In the original paper, we stated that the simulation experiment used a correlation of 0.2 between the feature spaces. However, due to a bug in our simulation code (which is now fixed), the results in the published article actually correspond to a correlation of 0.
We now provide two corrected examples below generated using different correlations levels.
As can be seen, in some parameter settings stacking outperforms concatenation, while in others concatenation performs better.
As we emphasized in the paper, these simulations cannot be taken as proof of either model's superiority: there are infinitely many simulation configurations and the behaviors of stacking vs. concatenation depend heavily on the structure of the data.
To deepen our understanding of this specific simulation setup, we performed a substantially more comprehensive sweep of parameters.
Below we report results from a broad grid of simulation settings (576 in total).
For each configuration, we generate 100 independent datasets using the same simulation framework as in the original study.
This sweep varies the following parameters:
- Number of samples (n) 50, 100, 200, 400
- Dimensions of feature spaces (d1,d2,d3,d4): [10, 10, 10, 10], [10, 100, 100, 100], [100, 100, 100, 100]
- Feature importance (alpha): [0.3, 0.3, 0.3, 0.1], [0.5, 0.2, 0.2, 0.1], [0.7, 0.1, 0.1, 0.1]
- Noise (sigma): 0, 0.5, 1, 1.5
- Feature correlation (correl): = [0, 0.1, 0.2, 0.3]
Together, this produces a total of 576 total simulation settings. Each setting is run with 100 simulated datasets.
Below we group the simulation results by parameter families to understand which factors most strongly influence whether stacking or concatenation performs better.
In the figure below, we focus on one parameter at a time, and count the number of simulation settings (over all other parameters) for which stacking has reliably lower estimation error than concatenation, and the ones for which concatenation has reliably lower estimation error than stacking (similar to the right part of the two plots above, we count the number of stars and filled circles).
We see that smaller sample size n, higher noise sigma, low correlation, higher values of alpha1 and lower values of d1/d2 lead to better performance of stacking across the different settings of the other parameters.
Instead of counting the number of experiment where one method is reliably better than the other, we compute the average error across experiments and settings, picking pairs of parameters at at time:
This visualization of the difference in average error highlights a relationship between n, sigma and alpha1. Small n and low sigma lead to concatenation performing better. Large alpha1 leads to stacking being better, but not at high n.
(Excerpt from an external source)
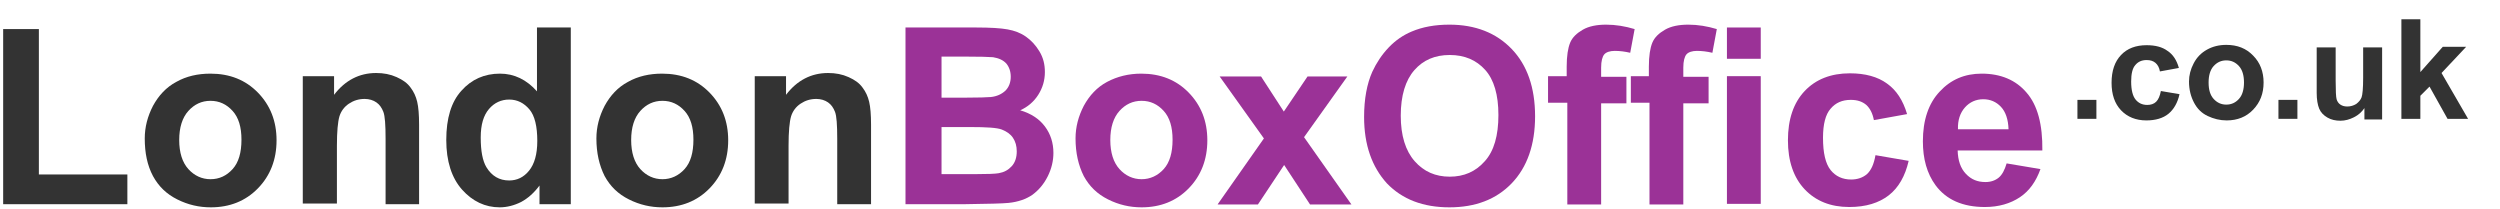 <svg xmlns="http://www.w3.org/2000/svg" width="791" height="66" viewBox="0 0 791 66"><style>.a{fill:#333;}.b{fill:#9B3297;}</style><path d="M1 64.6V9.2h11.3v46h28v9.4H1z" class="a"/><path d="M45.8 43.8c0-3.6 0.9-7 2.6-10.3 1.8-3.3 4.2-5.9 7.4-7.6 3.2-1.8 6.8-2.6 10.8-2.6 6.1 0 11.1 2 15 6 3.9 4 5.9 9 5.9 15.1 0 6.1-2 11.2-5.9 15.2 -3.9 4-8.9 6-14.9 6 -3.7 0-7.2-0.8-10.6-2.5 -3.4-1.7-5.9-4.1-7.7-7.4C46.6 52.3 45.8 48.4 45.8 43.8zM56.7 44.3c0 4 1 7.1 2.9 9.2s4.3 3.2 7 3.2c2.8 0 5.1-1.1 7-3.2 1.9-2.1 2.8-5.2 2.8-9.3 0-4-0.9-7-2.8-9.1 -1.9-2.1-4.2-3.2-7-3.2 -2.8 0-5.1 1.1-7 3.2S56.7 40.3 56.7 44.3z" class="a"/><path d="M132.7 64.6h-10.7V43.9c0-4.4-0.2-7.2-0.7-8.5 -0.5-1.3-1.2-2.3-2.2-3 -1-0.7-2.3-1.1-3.7-1.1 -1.9 0-3.5 0.5-5 1.5 -1.5 1-2.5 2.4-3 4 -0.5 1.7-0.8 4.8-0.8 9.3v18.3H95.8V24.1h9.9v5.9c3.5-4.6 8-6.9 13.3-6.9 2.4 0 4.5 0.4 6.5 1.3 2 0.9 3.4 1.9 4.4 3.3 1 1.3 1.7 2.8 2.1 4.5 0.4 1.7 0.6 4.1 0.6 7.2V64.6z" class="a"/><path d="M180.6 64.6h-9.9v-5.9c-1.7 2.3-3.6 4-5.8 5.2 -2.2 1.1-4.5 1.7-6.8 1.7 -4.6 0-8.6-1.9-11.9-5.6 -3.3-3.7-5-9-5-15.7 0-6.9 1.6-12.1 4.8-15.6 3.2-3.6 7.3-5.4 12.2-5.4 4.5 0 8.4 1.9 11.7 5.6V8.7h10.7V64.6zM152.1 43.5c0 4.3 0.6 7.4 1.8 9.4 1.7 2.8 4.1 4.2 7.2 4.2 2.5 0 4.6-1 6.3-3.1 1.7-2.1 2.6-5.2 2.6-9.4 0-4.6-0.8-8-2.5-10 -1.7-2-3.8-3.1-6.4-3.1 -2.5 0-4.7 1-6.4 3S152.1 39.4 152.1 43.5z" class="a"/><path d="M188.7 43.8c0-3.6 0.9-7 2.6-10.3 1.8-3.3 4.2-5.9 7.4-7.6 3.2-1.8 6.8-2.6 10.8-2.6 6.1 0 11.1 2 15 6 3.9 4 5.9 9 5.9 15.1 0 6.1-2 11.2-5.9 15.2 -3.9 4-8.9 6-14.9 6 -3.7 0-7.2-0.8-10.6-2.5 -3.4-1.7-5.9-4.1-7.7-7.4C189.6 52.3 188.7 48.4 188.7 43.8zM199.7 44.3c0 4 1 7.1 2.9 9.2s4.3 3.2 7 3.2 5.1-1.1 7-3.2c1.9-2.1 2.8-5.2 2.8-9.3 0-4-0.9-7-2.8-9.1 -1.9-2.1-4.2-3.2-7-3.2s-5.1 1.1-7 3.2S199.7 40.3 199.7 44.3z" class="a"/><path d="M275.6 64.6h-10.7V43.9c0-4.4-0.2-7.2-0.7-8.5 -0.5-1.3-1.2-2.3-2.2-3 -1-0.7-2.3-1.1-3.7-1.1 -1.9 0-3.5 0.5-5 1.5 -1.5 1-2.5 2.4-3 4 -0.5 1.7-0.8 4.8-0.8 9.3v18.3H238.8V24.1h9.9v5.9c3.5-4.6 8-6.9 13.3-6.9 2.4 0 4.5 0.4 6.5 1.3 2 0.9 3.4 1.9 4.4 3.3 1 1.3 1.7 2.8 2.1 4.5 0.4 1.7 0.6 4.1 0.6 7.2V64.6z" class="a"/><path d="M286.6 8.7h22.3c4.4 0 7.7 0.2 9.9 0.6 2.2 0.4 4.1 1.1 5.8 2.3 1.7 1.2 3.1 2.7 4.3 4.7s1.7 4.1 1.7 6.5c0 2.6-0.7 5-2.1 7.2 -1.4 2.2-3.3 3.8-5.7 4.9 3.4 1 6 2.7 7.8 5.1 1.8 2.4 2.7 5.2 2.7 8.4 0 2.5-0.6 5-1.8 7.4 -1.2 2.4-2.8 4.3-4.8 5.8 -2 1.4-4.6 2.3-7.6 2.6 -1.9 0.2-6.4 0.3-13.6 0.4h-19V8.7zM297.9 18v12.9h7.4c4.4 0 7.1-0.1 8.2-0.2 1.9-0.2 3.4-0.9 4.6-2 1.1-1.1 1.7-2.6 1.7-4.4 0-1.7-0.5-3.1-1.4-4.2 -1-1.1-2.4-1.7-4.2-2 -1.1-0.1-4.3-0.2-9.6-0.2H297.9zM297.9 40.2v14.9h10.4c4.1 0 6.6-0.1 7.7-0.3 1.7-0.3 3-1 4.1-2.2 1.1-1.2 1.6-2.8 1.6-4.7 0-1.7-0.4-3.1-1.2-4.3 -0.8-1.2-2-2-3.5-2.6s-4.9-0.8-10-0.8H297.9z" class="b"/><path d="M340.3 43.8c0-3.6 0.9-7 2.6-10.3 1.8-3.3 4.2-5.9 7.4-7.6s6.8-2.6 10.8-2.6c6.1 0 11.1 2 15 6 3.9 4 5.9 9 5.9 15.1 0 6.1-2 11.2-5.9 15.2 -3.9 4-8.9 6-14.9 6 -3.7 0-7.2-0.8-10.6-2.5s-5.9-4.1-7.7-7.4C341.2 52.3 340.3 48.4 340.3 43.8zM351.3 44.3c0 4 1 7.1 2.9 9.2s4.3 3.2 7 3.2 5.1-1.1 7-3.2 2.8-5.2 2.8-9.3c0-4-0.9-7-2.8-9.1s-4.2-3.2-7-3.2 -5.1 1.1-7 3.2S351.3 40.3 351.3 44.3z" class="b"/><path d="M385.3 64.6l14.6-20.8 -14-19.6h13.1l7.2 11.1 7.5-11.1h12.6l-13.7 19.2 15 21.3h-13.1l-8.2-12.5 -8.3 12.5H385.3z" class="b"/><path d="M431.6 37c0-5.7 0.9-10.5 2.6-14.3 1.3-2.8 3-5.4 5.2-7.7 2.2-2.3 4.6-3.9 7.2-5 3.5-1.5 7.5-2.2 12-2.2 8.2 0 14.8 2.6 19.7 7.7s7.4 12.2 7.4 21.3c0 9-2.5 16.1-7.4 21.2s-11.5 7.6-19.7 7.6c-8.3 0-14.9-2.5-19.8-7.6C434.1 52.8 431.6 45.9 431.6 37zM443.2 36.6c0 6.3 1.5 11.1 4.4 14.4 2.9 3.3 6.6 4.9 11.1 4.9s8.2-1.6 11.1-4.9c2.9-3.2 4.3-8.1 4.3-14.6 0-6.4-1.4-11.2-4.2-14.3 -2.8-3.1-6.5-4.7-11.2-4.7s-8.4 1.6-11.2 4.8C444.7 25.4 443.2 30.2 443.2 36.6z" class="b"/><path d="M489.8 24.1h5.9v-3c0-3.4 0.4-5.9 1.1-7.6 0.7-1.7 2.1-3 4-4.1 1.9-1.1 4.4-1.6 7.4-1.6 3 0 6 0.5 9 1.4l-1.4 7.5c-1.7-0.4-3.3-0.6-4.9-0.6 -1.5 0-2.7 0.4-3.3 1.1s-1 2.1-1 4.2v2.9h8v8.4h-8v32h-10.7V32.5H489.8V24.1z" class="b"/><path d="M515.8 24.1h5.9v-3c0-3.4 0.4-5.9 1.1-7.6 0.7-1.7 2.1-3 4-4.1 1.9-1.1 4.4-1.6 7.4-1.6 3 0 6 0.5 9 1.4l-1.4 7.5c-1.7-0.4-3.3-0.6-4.9-0.6 -1.5 0-2.7 0.4-3.3 1.1s-1 2.1-1 4.2v2.9h8v8.4h-8v32h-10.7V32.5h-5.9V24.1z" class="b"/><path d="M546.4 18.6V8.7h10.7v9.9H546.4zM546.4 64.6V24.1h10.7v40.4H546.4z" class="b"/><path d="M603.4 36.1l-10.5 1.9c-0.4-2.1-1.2-3.7-2.4-4.8 -1.3-1.1-2.9-1.6-4.9-1.6 -2.7 0-4.8 0.9-6.4 2.8 -1.6 1.8-2.4 4.9-2.4 9.2 0 4.8 0.8 8.2 2.4 10.2 1.6 2 3.8 3 6.5 3 2 0 3.7-0.6 5-1.7 1.3-1.2 2.2-3.1 2.7-6l10.5 1.8c-1.1 4.8-3.2 8.5-6.3 10.9s-7.2 3.7-12.5 3.7c-5.9 0-10.6-1.9-14.1-5.6 -3.5-3.7-5.3-8.9-5.3-15.5 0-6.7 1.8-11.9 5.3-15.6 3.5-3.7 8.3-5.6 14.3-5.6 4.9 0 8.8 1.1 11.7 3.2C600 28.5 602.1 31.7 603.4 36.1z" class="b"/><path d="M634.9 51.7l10.7 1.8c-1.4 3.9-3.5 6.9-6.5 8.9 -3 2-6.7 3.1-11.1 3.1 -7 0-12.2-2.3-15.6-6.9 -2.7-3.7-4-8.3-4-13.9 0-6.7 1.8-12 5.3-15.7 3.5-3.8 7.9-5.7 13.3-5.7 6 0 10.8 2 14.2 6 3.5 4 5.1 10.1 5 18.3h-26.8c0.1 3.2 0.9 5.6 2.6 7.4 1.7 1.8 3.7 2.6 6.2 2.6 1.7 0 3.1-0.5 4.2-1.4S634.3 53.7 634.9 51.7zM635.5 40.9c-0.1-3.1-0.9-5.5-2.4-7.1 -1.5-1.6-3.4-2.4-5.6-2.4 -2.3 0-4.3 0.9-5.8 2.6 -1.5 1.7-2.3 4-2.2 6.9H635.5z" class="b"/><path d="M657.3 37.6v-6h6v6H657.3z" class="a"/><path d="M689.4 21.5l-6 1.1c-0.2-1.2-0.7-2.1-1.4-2.7s-1.6-0.9-2.8-0.9c-1.5 0-2.7 0.5-3.6 1.6 -0.9 1-1.3 2.8-1.3 5.2 0 2.7 0.5 4.6 1.4 5.7 0.9 1.1 2.1 1.7 3.7 1.7 1.1 0 2.1-0.3 2.8-1 0.7-0.7 1.2-1.8 1.5-3.4l5.9 1c-0.6 2.7-1.8 4.8-3.5 6.2 -1.7 1.4-4.1 2.1-7 2.1 -3.3 0-6-1.1-8-3.2 -2-2.1-3-5-3-8.7 0-3.8 1-6.7 3-8.8 2-2.1 4.7-3.1 8.1-3.1 2.8 0 5 0.6 6.6 1.8C687.5 17.2 688.7 19 689.4 21.5z" class="a"/><path d="M692.6 25.8c0-2 0.5-3.9 1.5-5.8 1-1.9 2.4-3.3 4.2-4.3 1.8-1 3.8-1.5 6.1-1.5 3.5 0 6.3 1.1 8.5 3.4 2.2 2.2 3.3 5.1 3.3 8.5 0 3.5-1.1 6.3-3.3 8.6 -2.2 2.3-5 3.4-8.4 3.4 -2.1 0-4.1-0.5-6-1.4 -1.9-0.9-3.3-2.3-4.3-4.2S692.6 28.4 692.6 25.8zM698.8 26.1c0 2.3 0.5 4 1.6 5.2s2.4 1.8 4 1.8c1.6 0 2.9-0.6 4-1.8 1.1-1.2 1.6-3 1.6-5.2 0-2.2-0.5-4-1.6-5.2 -1.1-1.2-2.4-1.8-4-1.8 -1.6 0-2.9 0.6-4 1.8S698.8 23.9 698.8 26.1z" class="a"/><path d="M720.9 37.6v-6h6v6H720.9z" class="a"/><path d="M748.1 37.6v-3.4c-0.8 1.2-1.9 2.2-3.3 2.9s-2.8 1.1-4.3 1.1c-1.5 0-2.9-0.3-4.1-1 -1.2-0.7-2.1-1.6-2.6-2.8 -0.5-1.2-0.8-2.9-0.8-5v-14.4h6v10.5c0 3.2 0.1 5.2 0.3 5.9 0.2 0.7 0.6 1.3 1.2 1.7 0.6 0.4 1.3 0.6 2.2 0.6 1 0 2-0.3 2.8-0.8 0.8-0.6 1.4-1.3 1.7-2.1s0.5-2.9 0.5-6.2v-9.6h6v22.8H748.1z" class="a"/><path d="M759.8 37.6V6.1h6v16.7l7.1-8h7.4l-7.8 8.3 8.4 14.5h-6.5l-5.7-10.2L765.8 30.3v7.3H759.8z" class="a"/></svg>

Across this specific simulation grid, we observe the following patterns:
- Stacking can have lower error in lower sample sizes (n).
- Stacking can have lower error in higher noise settings (sigma).
- Stacking can have lower error when d1 is smaller than the other feature sizes.
- Stacking can have lower error when alpha1 is large.
Importantly, when we compare these findings to the real-data experiment in our paper:
- Our dataset has 7 × 1024 = 7168 total features, which is on the same order as the ∼8000 training samples.
- fMRI data has considerable noise.
- Potentially, there could be a preference for a feature space (one of the alphas is large).
Thus, the empirical conditions of the real dataset (and of data from experiments similar to the one we use) appear to correspond to simulation settings under which stacking tends to have an advantage, suggesting that stacking could be useful for building fMRI encoding models in naturalistic experiments. As we mentioned in the paper, even in the event where the experimenter thinks that concatenation might be better, they can include an additional feature space with the concatenated features.